• [Data section]
=== Section Start ===
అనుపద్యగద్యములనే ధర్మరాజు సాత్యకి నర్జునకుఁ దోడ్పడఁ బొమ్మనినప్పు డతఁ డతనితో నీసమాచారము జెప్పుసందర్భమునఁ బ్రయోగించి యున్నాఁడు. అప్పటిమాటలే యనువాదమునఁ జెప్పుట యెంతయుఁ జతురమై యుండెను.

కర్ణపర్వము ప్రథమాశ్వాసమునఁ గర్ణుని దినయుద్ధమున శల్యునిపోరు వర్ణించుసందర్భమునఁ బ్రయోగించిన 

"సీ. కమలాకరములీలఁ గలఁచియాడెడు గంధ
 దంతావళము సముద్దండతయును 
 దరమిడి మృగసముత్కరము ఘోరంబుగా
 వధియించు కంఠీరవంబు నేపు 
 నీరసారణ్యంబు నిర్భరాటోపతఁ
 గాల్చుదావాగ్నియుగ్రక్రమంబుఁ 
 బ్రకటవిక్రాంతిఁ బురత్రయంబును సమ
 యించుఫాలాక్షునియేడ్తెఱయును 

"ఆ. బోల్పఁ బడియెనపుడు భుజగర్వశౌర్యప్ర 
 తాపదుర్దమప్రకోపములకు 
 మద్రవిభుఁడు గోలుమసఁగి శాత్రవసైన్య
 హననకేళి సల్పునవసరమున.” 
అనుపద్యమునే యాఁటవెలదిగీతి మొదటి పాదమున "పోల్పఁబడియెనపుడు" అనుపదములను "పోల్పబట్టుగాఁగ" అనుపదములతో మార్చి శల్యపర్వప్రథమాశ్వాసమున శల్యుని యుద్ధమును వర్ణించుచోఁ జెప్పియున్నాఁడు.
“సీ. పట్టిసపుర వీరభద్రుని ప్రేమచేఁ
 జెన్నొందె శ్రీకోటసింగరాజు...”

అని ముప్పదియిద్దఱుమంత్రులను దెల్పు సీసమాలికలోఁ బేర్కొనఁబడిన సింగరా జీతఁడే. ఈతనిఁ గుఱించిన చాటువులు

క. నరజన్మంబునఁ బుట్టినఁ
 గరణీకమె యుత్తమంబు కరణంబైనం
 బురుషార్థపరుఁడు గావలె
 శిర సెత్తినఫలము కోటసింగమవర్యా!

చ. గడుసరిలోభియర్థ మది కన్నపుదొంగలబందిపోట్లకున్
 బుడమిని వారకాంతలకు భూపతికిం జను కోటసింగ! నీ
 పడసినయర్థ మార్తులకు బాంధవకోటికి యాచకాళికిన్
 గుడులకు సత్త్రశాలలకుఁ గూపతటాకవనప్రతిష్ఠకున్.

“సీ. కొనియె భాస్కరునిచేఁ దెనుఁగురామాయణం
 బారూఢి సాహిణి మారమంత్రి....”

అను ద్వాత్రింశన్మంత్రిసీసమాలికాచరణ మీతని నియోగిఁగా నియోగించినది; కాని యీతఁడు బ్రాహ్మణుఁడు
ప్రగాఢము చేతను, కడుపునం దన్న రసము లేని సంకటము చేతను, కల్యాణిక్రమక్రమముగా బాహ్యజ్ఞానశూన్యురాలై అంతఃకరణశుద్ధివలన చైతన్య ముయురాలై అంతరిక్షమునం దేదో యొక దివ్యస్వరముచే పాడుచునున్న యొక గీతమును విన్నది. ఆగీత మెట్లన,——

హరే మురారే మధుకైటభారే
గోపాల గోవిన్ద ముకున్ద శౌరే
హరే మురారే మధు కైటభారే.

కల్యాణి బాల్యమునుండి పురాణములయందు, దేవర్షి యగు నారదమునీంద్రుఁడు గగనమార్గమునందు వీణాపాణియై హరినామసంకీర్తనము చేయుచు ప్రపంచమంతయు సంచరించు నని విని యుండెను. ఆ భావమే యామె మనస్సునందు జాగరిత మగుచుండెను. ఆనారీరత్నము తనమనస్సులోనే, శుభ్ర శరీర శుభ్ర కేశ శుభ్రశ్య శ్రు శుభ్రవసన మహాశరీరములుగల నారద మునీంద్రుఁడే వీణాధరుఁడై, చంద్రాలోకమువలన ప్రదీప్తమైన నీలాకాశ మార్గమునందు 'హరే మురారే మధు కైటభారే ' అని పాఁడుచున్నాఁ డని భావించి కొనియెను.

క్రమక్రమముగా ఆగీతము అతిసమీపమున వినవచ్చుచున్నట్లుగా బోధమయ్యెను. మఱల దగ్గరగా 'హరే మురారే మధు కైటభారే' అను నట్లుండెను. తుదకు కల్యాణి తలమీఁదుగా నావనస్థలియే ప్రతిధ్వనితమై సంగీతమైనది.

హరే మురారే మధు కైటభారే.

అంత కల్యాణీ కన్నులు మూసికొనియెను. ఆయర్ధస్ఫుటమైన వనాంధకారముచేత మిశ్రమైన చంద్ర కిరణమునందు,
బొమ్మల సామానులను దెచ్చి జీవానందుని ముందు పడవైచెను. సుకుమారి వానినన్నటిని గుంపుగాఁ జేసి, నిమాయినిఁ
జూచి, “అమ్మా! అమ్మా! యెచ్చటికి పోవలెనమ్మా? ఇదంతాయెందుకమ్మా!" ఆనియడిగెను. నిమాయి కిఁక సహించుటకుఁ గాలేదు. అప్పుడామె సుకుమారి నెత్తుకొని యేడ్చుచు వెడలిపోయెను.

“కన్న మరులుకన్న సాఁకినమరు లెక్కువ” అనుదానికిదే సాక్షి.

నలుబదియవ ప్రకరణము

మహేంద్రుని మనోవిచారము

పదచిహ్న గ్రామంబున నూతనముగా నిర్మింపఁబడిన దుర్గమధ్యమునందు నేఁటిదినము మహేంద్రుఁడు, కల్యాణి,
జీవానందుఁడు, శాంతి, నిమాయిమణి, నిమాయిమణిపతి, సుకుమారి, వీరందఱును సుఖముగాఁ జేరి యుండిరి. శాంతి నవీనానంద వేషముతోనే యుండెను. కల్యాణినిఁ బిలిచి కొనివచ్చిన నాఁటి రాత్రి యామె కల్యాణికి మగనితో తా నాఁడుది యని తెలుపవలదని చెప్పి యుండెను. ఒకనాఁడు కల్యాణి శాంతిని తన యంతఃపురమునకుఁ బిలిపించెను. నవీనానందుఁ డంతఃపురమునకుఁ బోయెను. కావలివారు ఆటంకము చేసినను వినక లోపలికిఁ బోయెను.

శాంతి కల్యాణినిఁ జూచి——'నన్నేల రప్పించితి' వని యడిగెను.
=== Section End ===
• [Your task] From the first line to the last, restate the data above exactly.

• [Your solution]
అనుపద్యగద్యములనే ధర్మరాజు సాత్యకి నర్జునకుఁ దోడ్పడఁ బొమ్మనినప్పు డతఁ డతనితో నీసమాచారము జెప్పుసందర్భమునఁ బ్రయోగించి యున్నాఁడు. అప్పటిమాటలే యనువాదమునఁ జెప్పుట యెంతయుఁ జతురమై యుండెను.

కర్ణపర్వము ప్రథమాశ్వాసమునఁ గర్ణుని దినయుద్ధమున శల్యునిపోరు వర్ణించుసందర్భమునఁ బ్రయోగించిన 

"సీ. కమలాకరములీలఁ గలఁచియాడెడు గంధ
 దంతావళము సముద్దండతయును 
 దరమిడి మృగసముత్కరము ఘోరంబుగా
 వధియించు కంఠీరవంబు నేపు 
 నీరసారణ్యంబు నిర్భరాటోపతఁ
 గాల్చుదావాగ్నియుగ్రక్రమంబుఁ 
 బ్రకటవిక్రాంతిఁ బురత్రయంబును సమ
 యించుఫాలాక్షునియేడ్తెఱయును 

"ఆ. బోల్పఁ బడియెనపుడు భుజగర్వశౌర్యప్ర 
 తాపదుర్దమప్రకోపములకు 
 మద్రవిభుఁడు గోలుమసఁగి శాత్రవసైన్య
 హననకేళి సల్పునవసరమున.” 
అనుపద్యమునే యాఁటవెలదిగీతి మొదటి పాదమున "పోల్పఁబడియెనపుడు" అనుపదములను "పోల్పబట్టుగాఁగ" అనుపదములతో మార్చి శల్యపర్వప్రథమాశ్వాసమున శల్యుని యుద్ధమును వర్ణించుచోఁ జెప్పియున్నాఁడు.
“సీ. పట్టిసపుర వీరభద్రుని ప్రేమచేఁ
 జెన్నొందె శ్రీకోటసింగరాజు...”

అని ముప్పదియిద్దఱుమంత్రులను దెల్పు సీసమాలికలోఁ బేర్కొనఁబడిన సింగరా జీతఁడే. ఈతనిఁ గుఱించిన చాటువులు

క. నరజన్మంబునఁ బుట్టినఁ
 గరణీకమె యుత్తమంబు కరణంబైనం
 బురుషార్థపరుఁడు గావలె
 శిర సెత్తినఫలము కోటసింగమవర్యా!

చ. గడుసరిలోభియర్థ మది కన్నపుదొంగలబందిపోట్లకున్
 బుడమిని వారకాంతలకు భూపతికిం జను కోటసింగ! నీ
 పడసినయర్థ మార్తులకు బాంధవకోటికి యాచకాళికిన్
 గుడులకు సత్త్రశాలలకుఁ గూపతటాకవనప్రతిష్ఠకున్.

“సీ. కొనియె భాస్కరునిచేఁ దెనుఁగురామాయణం
 బారూఢి సాహిణి మారమంత్రి....”

అను ద్వాత్రింశన్మంత్రిసీసమాలికాచరణ మీతని నియోగిఁగా నియోగించినది; కాని యీతఁడు బ్రాహ్మణుఁడు
ప్రగాఢము చేతను, కడుపునం దన్న రసము లేని సంకటము చేతను, కల్యాణిక్రమక్రమముగా బాహ్యజ్ఞానశూన్యురాలై అంతఃకరణశుద్ధివలన చైతన్య ముయురాలై అంతరిక్షమునం దేదో యొక దివ్యస్వరముచే పాడుచునున్న యొక గీతమును విన్నది. ఆగీత మెట్లన,——

హరే మురారే మధుకైటభారే
గోపాల గోవిన్ద ముకున్ద శౌరే
హరే మురారే మధు కైటభారే.

కల్యాణి బాల్యమునుండి పురాణములయందు, దేవర్షి యగు నారదమునీంద్రుఁడు గగనమార్గమునందు వీణాపాణియై హరినామసంకీర్తనము చేయుచు ప్రపంచమంతయు సంచరించు నని విని యుండెను. ఆ భావమే యామె మనస్సునందు జాగరిత మగుచుండెను. ఆనారీరత్నము తనమనస్సులోనే, శుభ్ర శరీర శుభ్ర కేశ శుభ్రశ్య శ్రు శుభ్రవసన మహాశరీరములుగల నారద మునీంద్రుఁడే వీణాధరుఁడై, చంద్రాలోకమువలన ప్రదీప్తమైన నీలాకాశ మార్గమునందు 'హరే మురారే మధు కైటభారే ' అని పాఁడుచున్నాఁ డని భావించి కొనియెను.

క్రమక్రమముగా ఆగీతము అతిసమీపమున వినవచ్చుచున్నట్లుగా బోధమయ్యెను. మఱల దగ్గరగా 'హరే మురారే మధు కైటభారే' అను నట్లుండెను. తుదకు కల్యాణి తలమీఁదుగా నావనస్థలియే ప్రతిధ్వనితమై సంగీతమైనది.

హరే మురారే మధు కైటభారే.

అంత కల్యాణీ కన్నులు మూసికొనియెను. ఆయర్ధస్ఫుటమైన వనాంధకారముచేత మిశ్రమైన చంద్ర కిరణమునందు,
బొమ్మల సామానులను దెచ్చి జీవానందుని ముందు పడవైచెను. సుకుమారి వానినన్నటిని గుంపుగాఁ జేసి, నిమాయినిఁ
జూచి, “అమ్మా! అమ్మా! యెచ్చటికి పోవలెనమ్మా? ఇదంతాయెందుకమ్మా!" ఆనియడిగెను. నిమాయి కిఁక సహించుటకుఁ గాలేదు. అప్పుడామె సుకుమారి నెత్తుకొని యేడ్చుచు వెడలిపోయెను.

“కన్న మరులుకన్న సాఁకినమరు లెక్కువ” అనుదానికిదే సాక్షి.

నలుబదియవ ప్రకరణము

మహేంద్రుని మనోవిచారము

పదచిహ్న గ్రామంబున నూతనముగా నిర్మింపఁబడిన దుర్గమధ్యమునందు నేఁటిదినము మహేంద్రుఁడు, కల్యాణి,
జీవానందుఁడు, శాంతి, నిమాయిమణి, నిమాయిమణిపతి, సుకుమారి, వీరందఱును సుఖముగాఁ జేరి యుండిరి. శాంతి నవీనానంద వేషముతోనే యుండెను. కల్యాణినిఁ బిలిచి కొనివచ్చిన నాఁటి రాత్రి యామె కల్యాణికి మగనితో తా నాఁడుది యని తెలుపవలదని చెప్పి యుండెను. ఒకనాఁడు కల్యాణి శాంతిని తన యంతఃపురమునకుఁ బిలిపించెను. నవీనానందుఁ డంతఃపురమునకుఁ బోయెను. కావలివారు ఆటంకము చేసినను వినక లోపలికిఁ బోయెను.

శాంతి కల్యాణినిఁ జూచి——'నన్నేల రప్పించితి' వని యడిగెను.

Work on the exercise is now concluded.